A democracia paga o preço desses costumes. É como se qualquer assassino pudesse perguntar, com a pistola fumegante na mão:
- Que castigo mereço eu, que matei um, se os generais mataram meio mundo e andam tão faceiros pelas ruas, são heróis nos quartéis e aos domingos comungam na missa?
Em plena democracia, o ditador argentino Jorge Rafael Videla comungava, na província de San Luis, numa igreja que proibia a entrada de mulheres de mangas curtas ou de minissaias. Em meados de 1998, engasgou-se com a hóstia: o devoto foi parar na prisão. Depois, por conta dos privilégios da idade, passou à prisão domiciliar. Era de esfregar os olhos: a obstinação exemplar das mães, das avós e dos filhos das vítimas tinha conseguido o milagre de uma exceção à regra latino-americana da impunidade. Videla, assassino de milhares, não foi castigado pelo crime de genocídio, mas ao menos teve de responder pelo roubo das crianças recém-nascidas nos campos de concentração, que os militares repartiam, como butim de guerra, depois de assassinar suas mães.
A justiça e a memória são luxos exóticos nos países latino-americanos. [...] O esquecimento, diz o poder, é o preço da paz, enquanto nos impõe uma paz fundada na aceitação da injustiça como normalidade cotidiana. Acostumaram-nos ao desprezo pela vida e à proibição de lembrar. Os meios de comunicação e os centros de educação não costumam contribuir muito, digamos, para a integração da realidade e sua memória. [...] A cultura de consumo, cultura de desvinculação, nos adestra à crença de que as coisas ocorrem sem motivo. [...]
Massacre de Pasco: os corpos das vítimas no chão, na cidade de Lomas de Zamora (Grande Buenos Aires). Imagem publicada originalmente no suplemento fotográfico anual El Auténtico nº 8, voz do Peronismo Autêntico (Montoneros), 24 de dezembro de 1975. Fotógrafo desconhecido.
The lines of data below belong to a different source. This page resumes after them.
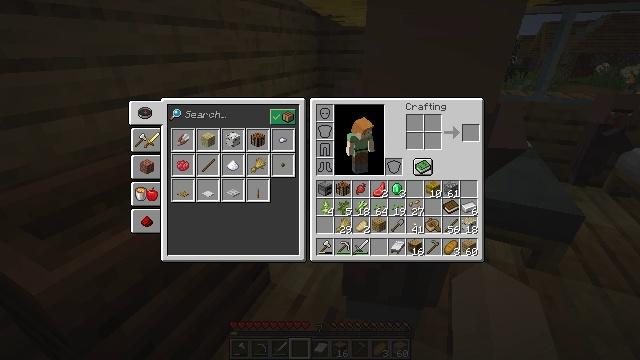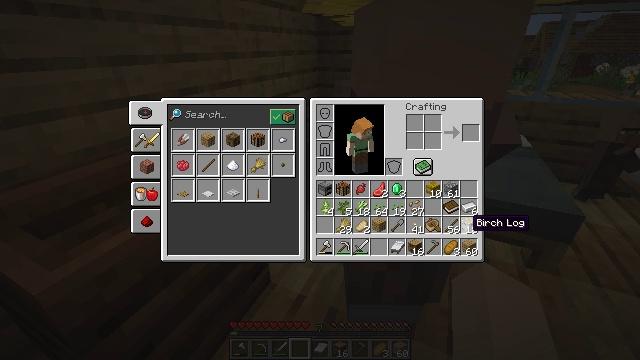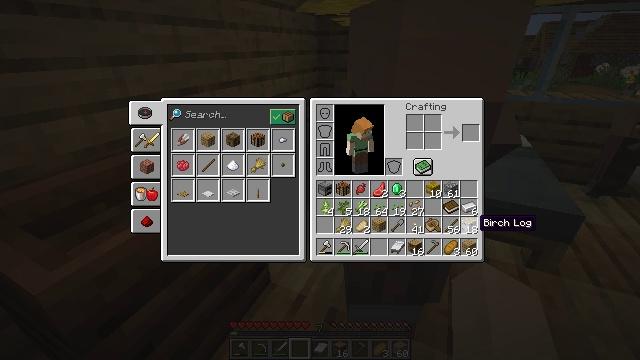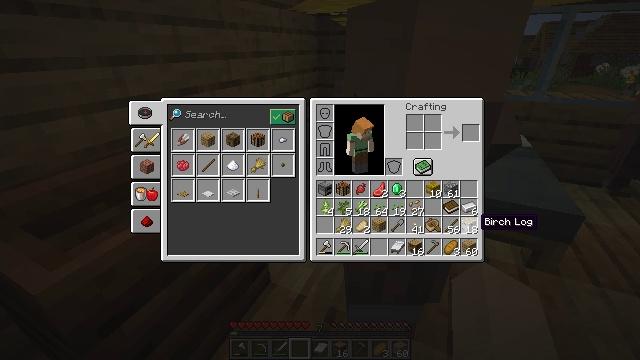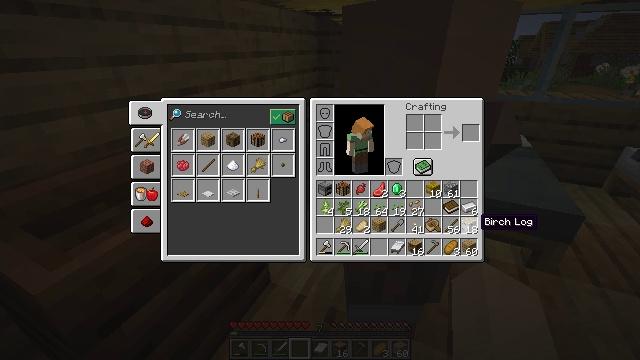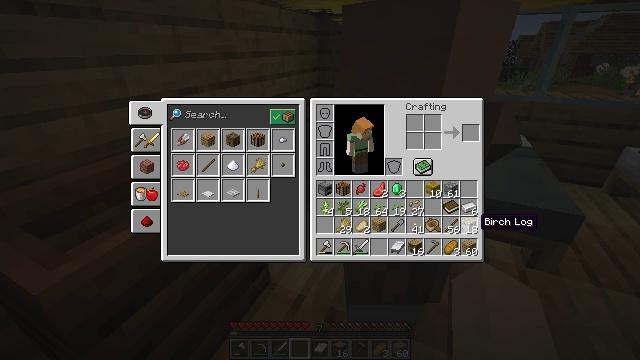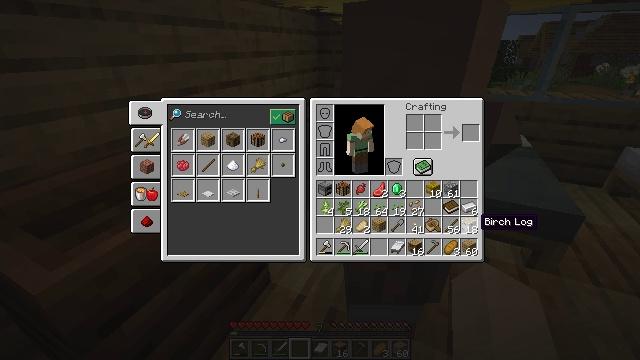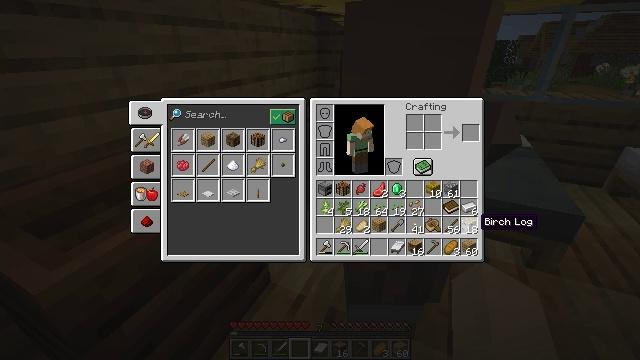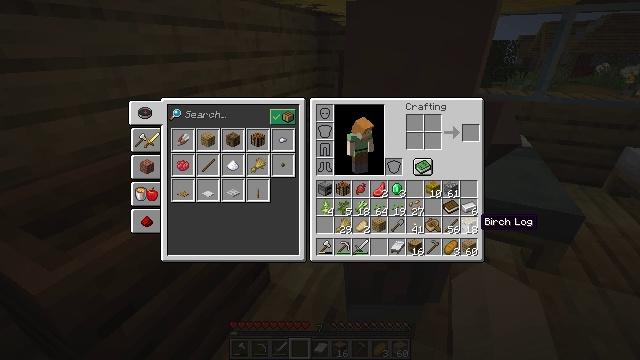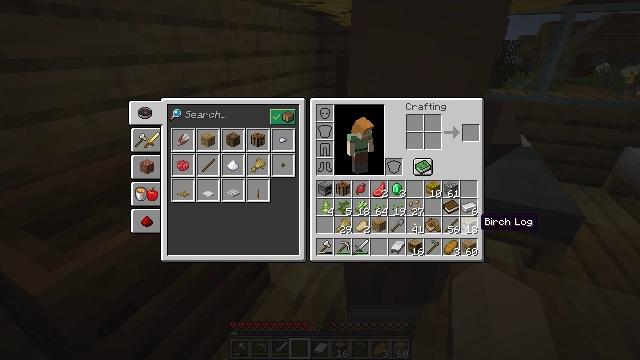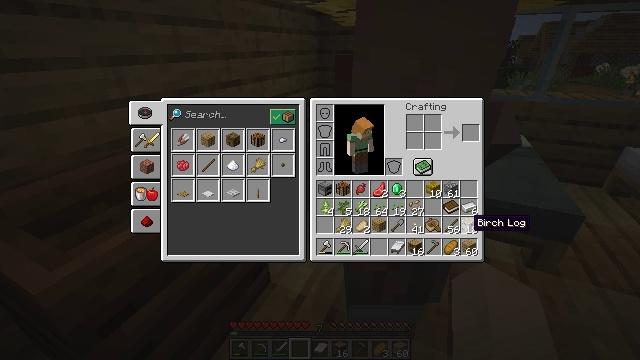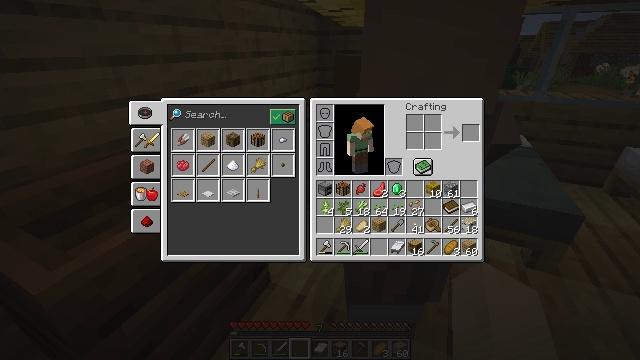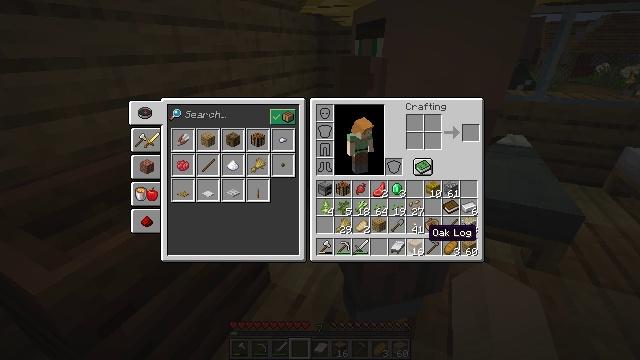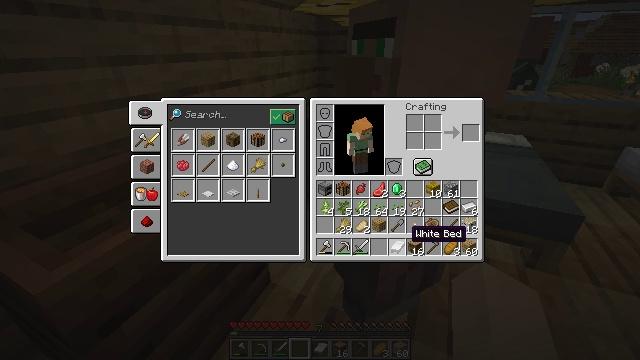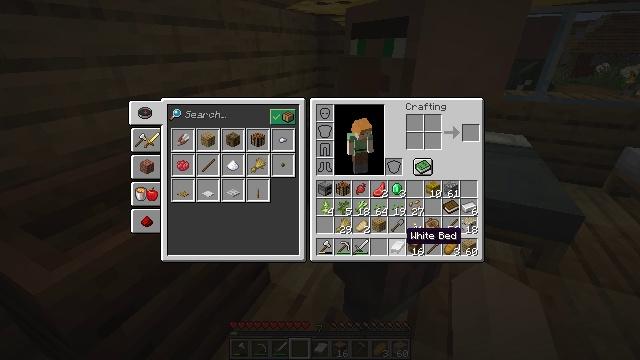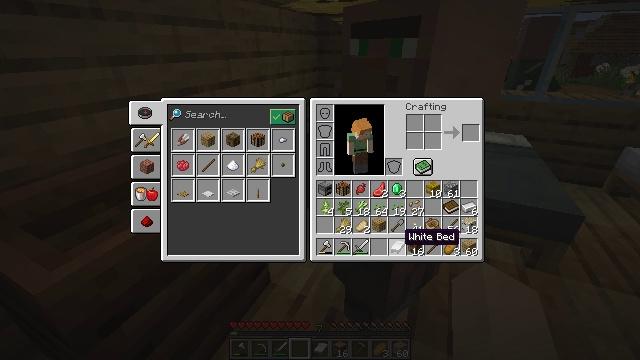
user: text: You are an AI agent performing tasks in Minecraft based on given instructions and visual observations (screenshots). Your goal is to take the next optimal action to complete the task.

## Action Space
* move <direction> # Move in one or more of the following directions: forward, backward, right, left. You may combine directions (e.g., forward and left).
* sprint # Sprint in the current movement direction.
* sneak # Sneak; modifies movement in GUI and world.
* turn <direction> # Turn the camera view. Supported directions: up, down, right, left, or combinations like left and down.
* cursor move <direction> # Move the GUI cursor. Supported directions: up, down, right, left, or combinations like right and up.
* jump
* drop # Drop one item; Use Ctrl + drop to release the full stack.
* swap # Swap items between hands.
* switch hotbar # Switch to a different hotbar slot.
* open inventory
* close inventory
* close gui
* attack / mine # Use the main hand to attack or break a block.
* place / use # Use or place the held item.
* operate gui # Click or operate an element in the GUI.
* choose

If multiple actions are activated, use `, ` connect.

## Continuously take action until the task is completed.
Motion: motion action
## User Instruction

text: Left click on the fletching table to mine it.
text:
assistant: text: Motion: cursor move right
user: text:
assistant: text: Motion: cursor move right
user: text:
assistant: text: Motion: no_op
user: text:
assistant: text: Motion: no_op
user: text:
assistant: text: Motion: no_op
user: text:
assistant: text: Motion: no_op
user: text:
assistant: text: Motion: no_op
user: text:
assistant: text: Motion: no_op
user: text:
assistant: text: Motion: no_op
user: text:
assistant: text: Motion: cursor move left
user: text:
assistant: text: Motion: cursor move left
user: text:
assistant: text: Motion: cursor move left
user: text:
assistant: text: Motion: cursor move left
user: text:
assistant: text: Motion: no_op
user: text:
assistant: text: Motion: no_op
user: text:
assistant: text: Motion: no_op
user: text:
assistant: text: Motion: cursor move left
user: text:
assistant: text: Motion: cursor move left
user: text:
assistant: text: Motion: no_op
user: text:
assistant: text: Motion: no_op
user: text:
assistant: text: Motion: no_op
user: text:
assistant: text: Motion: no_op
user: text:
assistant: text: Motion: no_op
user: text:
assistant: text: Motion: cursor move left
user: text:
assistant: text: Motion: cursor move left
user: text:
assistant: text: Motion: no_op
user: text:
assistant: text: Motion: no_op
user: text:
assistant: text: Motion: no_op
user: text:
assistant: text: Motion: no_op
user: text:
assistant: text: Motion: no_op

A história se repete? Ou só se repete como penitência para quem é incapaz de escutá-la? Não há história muda. Por mais que a queimem, por mais que a rasguem, por mais que a mintam, a história humana se nega a calar a boca. O tempo que foi continua pulsando, vivo, dentro do tempo que é, ainda que o tempo que é não o queira ou não o saiba. O direito de lembrar não figura entre os direitos humanos consagrados pelas Nações Unidas, mas hoje mais do que nunca é necessário reivindicá-lo e pô-lo em prática: não para repetir o passado, mas para evitar que se repita; não para que os vivos sejamos ventríloquos dos mortos, mas para que sejamos capazes de falar com vozes não condenadas ao eco perpétuo da estupidez e da desgraça. Quando está realmente viva, a memória não contempla a história, mas convida a fazê-la. Mais do que nos museus, onde a pobre se entedia, a memória está no ar que respiramos; e ela, no ar, nos respira.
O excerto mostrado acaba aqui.